The mechanical properties of uncrosslinked and cross-linked coating compositions were tested. In addition, 100 Parts TR 8035, a paste PVC with 6% by weight hydroxypropylacry lat and a K value of 68, with 45 parts of dioctyl phthalate and 5 parts of basic lead sulfate with 4.5 parts and 9 Parts of isophorone diisocyanate mixed. Served as a comparison a sample that does not contain isophorone diisocyanate as a crosslinking agent held.

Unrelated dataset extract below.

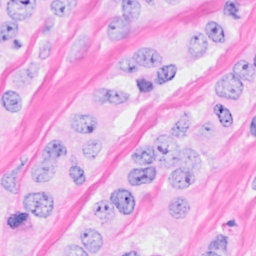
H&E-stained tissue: Breast
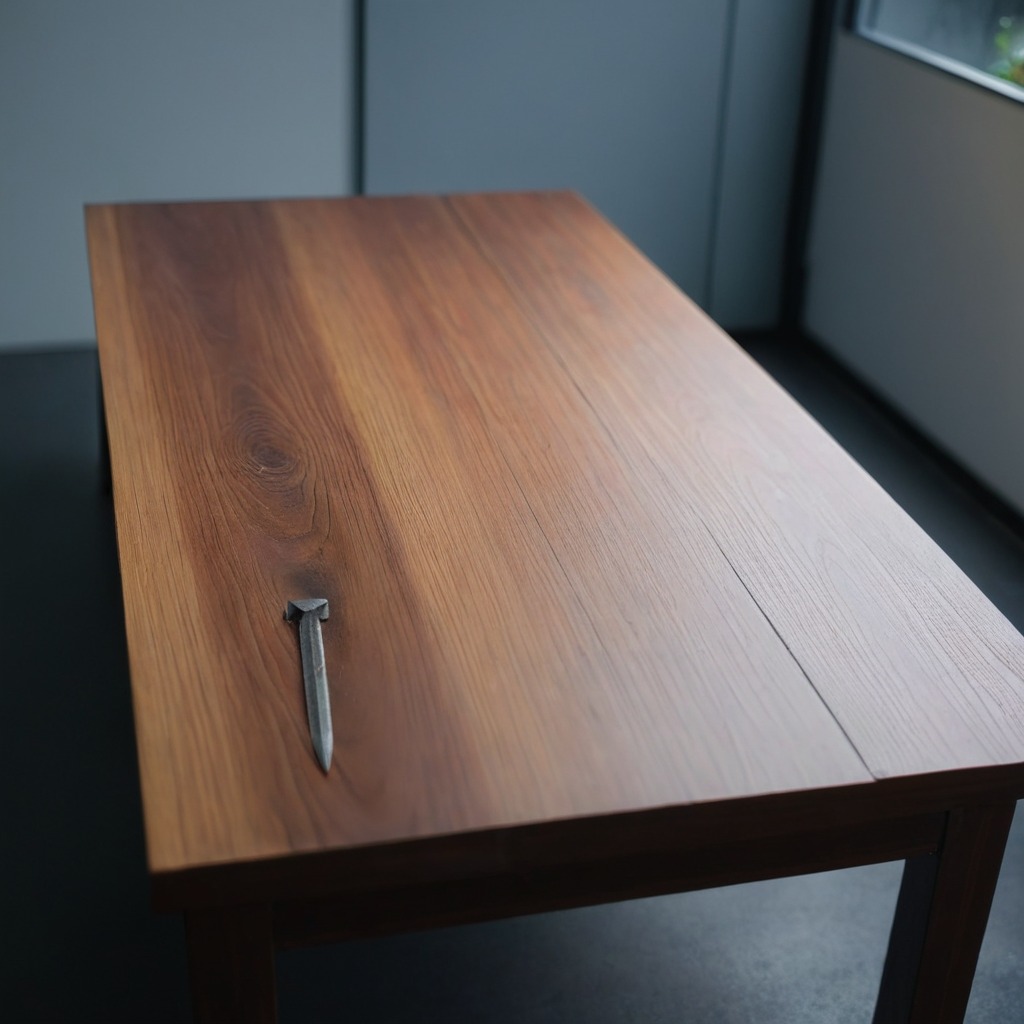
An iron nail is lying on a table in a small garage at twilight.

Films with a thickness of 6 mm were cast from the mixtures and gelled at 180 ° C. Shore hardnesses A and D were determined according to DIN 53505, tensile elongation and tensile stress in the tensile test according to DIN 53455 and the compression set according to DIN 53517. The results are summarized in Table 1 sums up.  

Table 1

Claims (8)

1. Process for the production of cable jackets based on vinyl chloride polymer composed of
50 to 100% by weight vinyl chloride,
0 to 50% by weight of further simple ethylenically unsaturated comonomers,
0 to 20% by weight of polyethylenically unsaturated or functional comonomers
and a K-value according to Fikentscher from 60 to 100,
the vinyl chloride polymer with the addition of 30 to 80% by weight of plasticizer, based on the VC polymer content of the paste,
and optionally with the addition of up to 10% by weight of crosslinking additives, based on the VC polymer content, pasted,
the electrical conductor to be coated is coated with this paste at ambient temperature or slightly elevated temperature,
and in a final gelling step at a temperature of 80 to 250 ° C the coating is cured, optionally also crosslinked. 2. The method according to claim 1, characterized in that an uncrosslinked homo-, co- or graft copolymer is composed of
50 to 100% by weight of vinyl chloride and
0 to 50% by weight of further simply ethylenically unsaturated comonomers
with a K value of 70 to 100, without the addition of crosslinking additives. 3. The method according to claim 1, characterized in that an uncrosslinked homo-, co- or graft copolymer is composed of
50 to 100% by weight of vinyl chloride and
0 to 50% by weight of further simply ethylenically unsaturated comonomers
together with 0.1 to 10% by weight, based on the VC polymer, is pasted onto sulfur-containing bifunctional crosslinking agents. 4. The method according to claim 1, characterized in that the VC polymer 0.1 to 20 wt.% several times ethylenically contains unsaturated comonomers and ver without addition pasting additives is pasted. 5. The method according to claim 1, characterized in that the VC polymer 0.1 to 20 wt.% N-methylol groups contains comonomers as functional comonomers and pasted without the addition of crosslinking additives becomes. 6. The method according to claim 1, characterized in that the VC polymer 0.1 to 20 wt.% ethylenically unsaturated hydrolyzable silicon-functional comonomers contains and with the addition of 0.01 to 10 wt.% Based pasted on the VC polymer, acid catalyst becomes.   7. The method according to claim 1, characterized in that the VC polymer 0.1 to 20 wt.% Hydroxyfunctional Comonomers as functional comonomers contains and under Addition of 1 to 10% by weight of diisocyanate, based on the VC polymer, is pasted. 8. The method according to claim 1, characterized in that the VC polymer using crosslinkable Plasticizer is pasted.